Stored records:
┄┄┄┄┄┄┄┄┄┄

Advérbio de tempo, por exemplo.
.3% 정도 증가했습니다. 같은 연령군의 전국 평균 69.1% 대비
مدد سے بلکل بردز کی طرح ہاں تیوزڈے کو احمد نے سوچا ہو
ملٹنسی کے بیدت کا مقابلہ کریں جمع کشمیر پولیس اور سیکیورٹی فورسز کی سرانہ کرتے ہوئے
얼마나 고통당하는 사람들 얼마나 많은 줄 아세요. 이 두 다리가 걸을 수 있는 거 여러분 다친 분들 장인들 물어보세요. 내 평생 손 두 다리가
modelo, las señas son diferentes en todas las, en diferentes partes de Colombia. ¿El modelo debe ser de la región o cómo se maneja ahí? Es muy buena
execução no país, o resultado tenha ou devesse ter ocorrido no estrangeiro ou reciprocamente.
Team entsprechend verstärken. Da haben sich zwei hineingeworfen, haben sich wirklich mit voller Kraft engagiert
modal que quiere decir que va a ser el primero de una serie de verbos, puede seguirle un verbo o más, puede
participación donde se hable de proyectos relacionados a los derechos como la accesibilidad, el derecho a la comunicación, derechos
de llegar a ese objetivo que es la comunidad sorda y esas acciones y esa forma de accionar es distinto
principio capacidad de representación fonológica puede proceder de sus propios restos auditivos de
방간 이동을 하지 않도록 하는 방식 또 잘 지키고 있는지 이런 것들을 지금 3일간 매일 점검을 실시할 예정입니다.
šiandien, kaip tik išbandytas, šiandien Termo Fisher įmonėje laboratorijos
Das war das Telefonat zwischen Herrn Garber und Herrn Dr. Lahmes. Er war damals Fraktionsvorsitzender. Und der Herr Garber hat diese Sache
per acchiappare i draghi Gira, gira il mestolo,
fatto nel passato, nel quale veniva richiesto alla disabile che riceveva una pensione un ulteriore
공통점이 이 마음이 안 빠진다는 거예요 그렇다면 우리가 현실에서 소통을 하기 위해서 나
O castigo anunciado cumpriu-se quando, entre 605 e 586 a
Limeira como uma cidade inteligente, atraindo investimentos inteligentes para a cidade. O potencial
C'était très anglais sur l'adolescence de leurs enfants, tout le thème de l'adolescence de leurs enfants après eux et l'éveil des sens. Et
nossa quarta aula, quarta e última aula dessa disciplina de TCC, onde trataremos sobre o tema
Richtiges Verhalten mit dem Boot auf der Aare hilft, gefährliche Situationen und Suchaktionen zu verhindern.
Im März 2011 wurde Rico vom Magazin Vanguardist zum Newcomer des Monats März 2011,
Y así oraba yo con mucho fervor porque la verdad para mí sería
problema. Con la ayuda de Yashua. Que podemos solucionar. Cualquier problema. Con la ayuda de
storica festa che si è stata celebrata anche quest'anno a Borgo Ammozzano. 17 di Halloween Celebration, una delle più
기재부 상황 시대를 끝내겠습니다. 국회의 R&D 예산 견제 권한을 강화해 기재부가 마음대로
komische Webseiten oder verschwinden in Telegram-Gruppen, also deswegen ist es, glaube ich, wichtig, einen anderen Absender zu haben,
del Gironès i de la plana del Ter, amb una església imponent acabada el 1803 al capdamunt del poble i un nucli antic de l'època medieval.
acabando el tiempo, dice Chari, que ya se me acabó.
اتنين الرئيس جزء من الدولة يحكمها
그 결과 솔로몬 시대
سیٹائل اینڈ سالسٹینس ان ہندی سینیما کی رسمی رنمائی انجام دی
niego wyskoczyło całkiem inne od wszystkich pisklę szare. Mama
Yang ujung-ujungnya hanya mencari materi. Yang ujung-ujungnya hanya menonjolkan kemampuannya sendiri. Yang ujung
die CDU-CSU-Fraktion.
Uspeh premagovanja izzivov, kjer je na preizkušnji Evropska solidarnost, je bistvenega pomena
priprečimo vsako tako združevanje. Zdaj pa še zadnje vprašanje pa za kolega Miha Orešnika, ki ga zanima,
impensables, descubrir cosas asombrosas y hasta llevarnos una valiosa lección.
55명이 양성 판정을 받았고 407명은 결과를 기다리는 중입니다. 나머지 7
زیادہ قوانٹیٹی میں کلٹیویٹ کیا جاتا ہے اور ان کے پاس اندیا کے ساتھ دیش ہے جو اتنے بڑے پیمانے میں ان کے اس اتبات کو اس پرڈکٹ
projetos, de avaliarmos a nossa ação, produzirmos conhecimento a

┄┄┄┄┄┄┄┄┄┄

**What needs to be done**
Write out each line exactly, starting with the line that contains "기재부 상황 시대를 끝내겠습니다." and stopping after the last line of the data.

**Result for this exercise**
기재부 상황 시대를 끝내겠습니다. 국회의 R&D 예산 견제 권한을 강화해 기재부가 마음대로
komische Webseiten oder verschwinden in Telegram-Gruppen, also deswegen ist es, glaube ich, wichtig, einen anderen Absender zu haben,
del Gironès i de la plana del Ter, amb una església imponent acabada el 1803 al capdamunt del poble i un nucli antic de l'època medieval.
acabando el tiempo, dice Chari, que ya se me acabó.
اتنين الرئيس جزء من الدولة يحكمها
그 결과 솔로몬 시대
سیٹائل اینڈ سالسٹینس ان ہندی سینیما کی رسمی رنمائی انجام دی
niego wyskoczyło całkiem inne od wszystkich pisklę szare. Mama
Yang ujung-ujungnya hanya mencari materi. Yang ujung-ujungnya hanya menonjolkan kemampuannya sendiri. Yang ujung
die CDU-CSU-Fraktion.
Uspeh premagovanja izzivov, kjer je na preizkušnji Evropska solidarnost, je bistvenega pomena
priprečimo vsako tako združevanje. Zdaj pa še zadnje vprašanje pa za kolega Miha Orešnika, ki ga zanima,
impensables, descubrir cosas asombrosas y hasta llevarnos una valiosa lección.
55명이 양성 판정을 받았고 407명은 결과를 기다리는 중입니다. 나머지 7
زیادہ قوانٹیٹی میں کلٹیویٹ کیا جاتا ہے اور ان کے پاس اندیا کے ساتھ دیش ہے جو اتنے بڑے پیمانے میں ان کے اس اتبات کو اس پرڈکٹ
projetos, de avaliarmos a nossa ação, produzirmos conhecimento a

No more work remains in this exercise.